Copy only this range: the line with "garten gegenüber der" through the final line of the material, inclusive at both ends.

Information supplied: Begin

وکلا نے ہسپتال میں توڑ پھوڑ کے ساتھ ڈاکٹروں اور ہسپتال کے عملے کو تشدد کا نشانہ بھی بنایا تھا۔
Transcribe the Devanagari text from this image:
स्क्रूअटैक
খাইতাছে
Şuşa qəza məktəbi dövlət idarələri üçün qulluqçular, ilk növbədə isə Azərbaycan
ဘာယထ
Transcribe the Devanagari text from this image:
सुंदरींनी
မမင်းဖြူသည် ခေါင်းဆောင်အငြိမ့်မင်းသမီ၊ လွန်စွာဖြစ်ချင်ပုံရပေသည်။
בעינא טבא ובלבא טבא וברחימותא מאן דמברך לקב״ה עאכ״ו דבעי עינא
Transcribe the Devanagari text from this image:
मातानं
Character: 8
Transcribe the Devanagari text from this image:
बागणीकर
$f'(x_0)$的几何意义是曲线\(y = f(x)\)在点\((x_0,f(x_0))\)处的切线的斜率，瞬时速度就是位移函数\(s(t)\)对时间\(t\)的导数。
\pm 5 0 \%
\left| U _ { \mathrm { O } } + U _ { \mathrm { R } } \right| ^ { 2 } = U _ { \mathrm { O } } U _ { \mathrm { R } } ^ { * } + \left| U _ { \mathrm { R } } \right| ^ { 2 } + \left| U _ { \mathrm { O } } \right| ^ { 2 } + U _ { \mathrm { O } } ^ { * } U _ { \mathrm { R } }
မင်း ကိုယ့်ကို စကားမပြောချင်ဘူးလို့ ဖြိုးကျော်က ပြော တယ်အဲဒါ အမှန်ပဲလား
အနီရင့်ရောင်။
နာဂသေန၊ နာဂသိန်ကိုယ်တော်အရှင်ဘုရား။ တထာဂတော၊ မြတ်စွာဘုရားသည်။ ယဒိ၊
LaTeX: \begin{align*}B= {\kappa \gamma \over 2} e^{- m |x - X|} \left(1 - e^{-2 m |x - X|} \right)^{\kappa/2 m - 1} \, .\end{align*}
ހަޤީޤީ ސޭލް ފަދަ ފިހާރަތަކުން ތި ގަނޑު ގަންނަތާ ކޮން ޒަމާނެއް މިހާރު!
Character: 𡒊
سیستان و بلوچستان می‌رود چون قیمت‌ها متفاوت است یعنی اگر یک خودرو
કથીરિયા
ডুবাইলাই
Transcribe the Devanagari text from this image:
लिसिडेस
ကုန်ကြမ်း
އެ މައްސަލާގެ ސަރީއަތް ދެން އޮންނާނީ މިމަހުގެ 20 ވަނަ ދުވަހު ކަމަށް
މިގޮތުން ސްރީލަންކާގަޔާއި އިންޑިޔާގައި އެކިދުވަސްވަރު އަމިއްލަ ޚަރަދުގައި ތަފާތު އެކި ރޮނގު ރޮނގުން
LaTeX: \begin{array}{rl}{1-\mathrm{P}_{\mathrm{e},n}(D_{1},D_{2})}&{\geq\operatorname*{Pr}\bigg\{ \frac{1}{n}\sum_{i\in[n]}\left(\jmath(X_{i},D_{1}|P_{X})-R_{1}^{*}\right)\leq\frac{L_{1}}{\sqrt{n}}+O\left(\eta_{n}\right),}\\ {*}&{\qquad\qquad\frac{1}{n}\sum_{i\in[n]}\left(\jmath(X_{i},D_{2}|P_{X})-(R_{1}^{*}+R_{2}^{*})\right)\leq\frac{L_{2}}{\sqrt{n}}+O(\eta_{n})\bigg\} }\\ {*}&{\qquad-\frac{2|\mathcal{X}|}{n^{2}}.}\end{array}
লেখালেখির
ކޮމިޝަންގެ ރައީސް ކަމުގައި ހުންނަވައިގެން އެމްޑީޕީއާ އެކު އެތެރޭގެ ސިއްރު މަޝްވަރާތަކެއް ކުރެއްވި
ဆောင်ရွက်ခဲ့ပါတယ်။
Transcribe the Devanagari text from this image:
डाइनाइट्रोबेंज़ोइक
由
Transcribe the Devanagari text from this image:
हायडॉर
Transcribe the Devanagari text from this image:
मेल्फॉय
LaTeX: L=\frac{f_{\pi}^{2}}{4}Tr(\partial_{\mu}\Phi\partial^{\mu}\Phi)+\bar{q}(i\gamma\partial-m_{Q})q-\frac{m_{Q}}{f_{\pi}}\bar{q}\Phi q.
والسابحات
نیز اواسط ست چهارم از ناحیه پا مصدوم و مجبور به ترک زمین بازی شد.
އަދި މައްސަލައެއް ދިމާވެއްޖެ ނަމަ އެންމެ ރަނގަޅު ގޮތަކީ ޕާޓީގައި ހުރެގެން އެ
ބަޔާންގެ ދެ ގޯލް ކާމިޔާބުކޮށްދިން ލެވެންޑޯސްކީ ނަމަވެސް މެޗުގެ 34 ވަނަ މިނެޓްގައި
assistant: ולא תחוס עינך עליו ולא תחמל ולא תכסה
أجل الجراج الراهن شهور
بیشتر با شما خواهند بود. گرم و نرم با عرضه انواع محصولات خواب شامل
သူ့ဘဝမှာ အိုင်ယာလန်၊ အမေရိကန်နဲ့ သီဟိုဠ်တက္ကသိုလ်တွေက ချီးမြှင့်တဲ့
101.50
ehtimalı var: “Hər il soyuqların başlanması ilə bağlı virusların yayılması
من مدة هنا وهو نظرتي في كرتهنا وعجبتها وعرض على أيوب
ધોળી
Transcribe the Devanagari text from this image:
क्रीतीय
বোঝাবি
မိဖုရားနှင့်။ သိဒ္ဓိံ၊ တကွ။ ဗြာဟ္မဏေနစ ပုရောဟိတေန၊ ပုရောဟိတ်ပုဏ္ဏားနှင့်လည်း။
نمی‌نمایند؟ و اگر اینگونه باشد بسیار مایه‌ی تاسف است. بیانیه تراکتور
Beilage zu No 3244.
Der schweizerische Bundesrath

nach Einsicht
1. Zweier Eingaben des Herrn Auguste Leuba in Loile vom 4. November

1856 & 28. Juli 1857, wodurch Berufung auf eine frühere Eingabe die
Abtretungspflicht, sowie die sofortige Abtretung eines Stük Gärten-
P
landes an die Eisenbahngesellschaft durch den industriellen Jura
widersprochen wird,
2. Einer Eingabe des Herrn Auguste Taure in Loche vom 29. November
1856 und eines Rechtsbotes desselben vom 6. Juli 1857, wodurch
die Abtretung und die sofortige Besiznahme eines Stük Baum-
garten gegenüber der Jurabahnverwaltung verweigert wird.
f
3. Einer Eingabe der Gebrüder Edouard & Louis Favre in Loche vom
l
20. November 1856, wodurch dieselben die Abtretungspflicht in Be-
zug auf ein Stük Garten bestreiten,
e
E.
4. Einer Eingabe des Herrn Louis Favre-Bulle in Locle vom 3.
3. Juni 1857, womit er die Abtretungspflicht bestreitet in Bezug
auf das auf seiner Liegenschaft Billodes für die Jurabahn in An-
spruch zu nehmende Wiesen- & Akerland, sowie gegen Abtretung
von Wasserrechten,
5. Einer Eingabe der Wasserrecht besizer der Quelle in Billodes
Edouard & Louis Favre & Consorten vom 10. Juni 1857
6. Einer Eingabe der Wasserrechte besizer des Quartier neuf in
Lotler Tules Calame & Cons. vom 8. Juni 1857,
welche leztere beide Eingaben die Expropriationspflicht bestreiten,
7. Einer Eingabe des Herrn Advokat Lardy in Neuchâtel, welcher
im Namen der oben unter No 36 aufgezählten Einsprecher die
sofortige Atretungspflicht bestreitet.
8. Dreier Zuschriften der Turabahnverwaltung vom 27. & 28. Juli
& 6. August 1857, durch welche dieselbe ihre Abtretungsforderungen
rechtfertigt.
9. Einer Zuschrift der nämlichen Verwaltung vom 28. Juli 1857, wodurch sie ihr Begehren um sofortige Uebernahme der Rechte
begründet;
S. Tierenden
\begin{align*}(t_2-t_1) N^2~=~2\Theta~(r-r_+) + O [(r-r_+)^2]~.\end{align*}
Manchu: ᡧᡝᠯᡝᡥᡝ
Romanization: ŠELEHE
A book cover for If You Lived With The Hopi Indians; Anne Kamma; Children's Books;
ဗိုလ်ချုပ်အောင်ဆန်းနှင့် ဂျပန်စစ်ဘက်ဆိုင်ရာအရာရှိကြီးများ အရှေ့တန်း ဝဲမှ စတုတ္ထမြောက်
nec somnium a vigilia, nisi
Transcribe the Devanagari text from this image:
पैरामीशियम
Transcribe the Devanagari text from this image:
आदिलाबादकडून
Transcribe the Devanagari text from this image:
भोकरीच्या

Information supplied: End

Task response:
garten gegenüber der Jurabahnverwaltung verweigert wird.
f
3. Einer Eingabe der Gebrüder Edouard & Louis Favre in Loche vom
l
20. November 1856, wodurch dieselben die Abtretungspflicht in Be-
zug auf ein Stük Garten bestreiten,
e
E.
4. Einer Eingabe des Herrn Louis Favre-Bulle in Locle vom 3.
3. Juni 1857, womit er die Abtretungspflicht bestreitet in Bezug
auf das auf seiner Liegenschaft Billodes für die Jurabahn in An-
spruch zu nehmende Wiesen- & Akerland, sowie gegen Abtretung
von Wasserrechten,
5. Einer Eingabe der Wasserrecht besizer der Quelle in Billodes
Edouard & Louis Favre & Consorten vom 10. Juni 1857
6. Einer Eingabe der Wasserrechte besizer des Quartier neuf in
Lotler Tules Calame & Cons. vom 8. Juni 1857,
welche leztere beide Eingaben die Expropriationspflicht bestreiten,
7. Einer Eingabe des Herrn Advokat Lardy in Neuchâtel, welcher
im Namen der oben unter No 36 aufgezählten Einsprecher die
sofortige Atretungspflicht bestreitet.
8. Dreier Zuschriften der Turabahnverwaltung vom 27. & 28. Juli
& 6. August 1857, durch welche dieselbe ihre Abtretungsforderungen
rechtfertigt.
9. Einer Zuschrift der nämlichen Verwaltung vom 28. Juli 1857, wodurch sie ihr Begehren um sofortige Uebernahme der Rechte
begründet;
S. Tierenden
\begin{align*}(t_2-t_1) N^2~=~2\Theta~(r-r_+) + O [(r-r_+)^2]~.\end{align*}
Manchu: ᡧᡝᠯᡝᡥᡝ
Romanization: ŠELEHE
A book cover for If You Lived With The Hopi Indians; Anne Kamma; Children's Books;
ဗိုလ်ချုပ်အောင်ဆန်းနှင့် ဂျပန်စစ်ဘက်ဆိုင်ရာအရာရှိကြီးများ အရှေ့တန်း ဝဲမှ စတုတ္ထမြောက်
nec somnium a vigilia, nisi
Transcribe the Devanagari text from this image:
पैरामीशियम
Transcribe the Devanagari text from this image:
आदिलाबादकडून
Transcribe the Devanagari text from this image:
भोकरीच्या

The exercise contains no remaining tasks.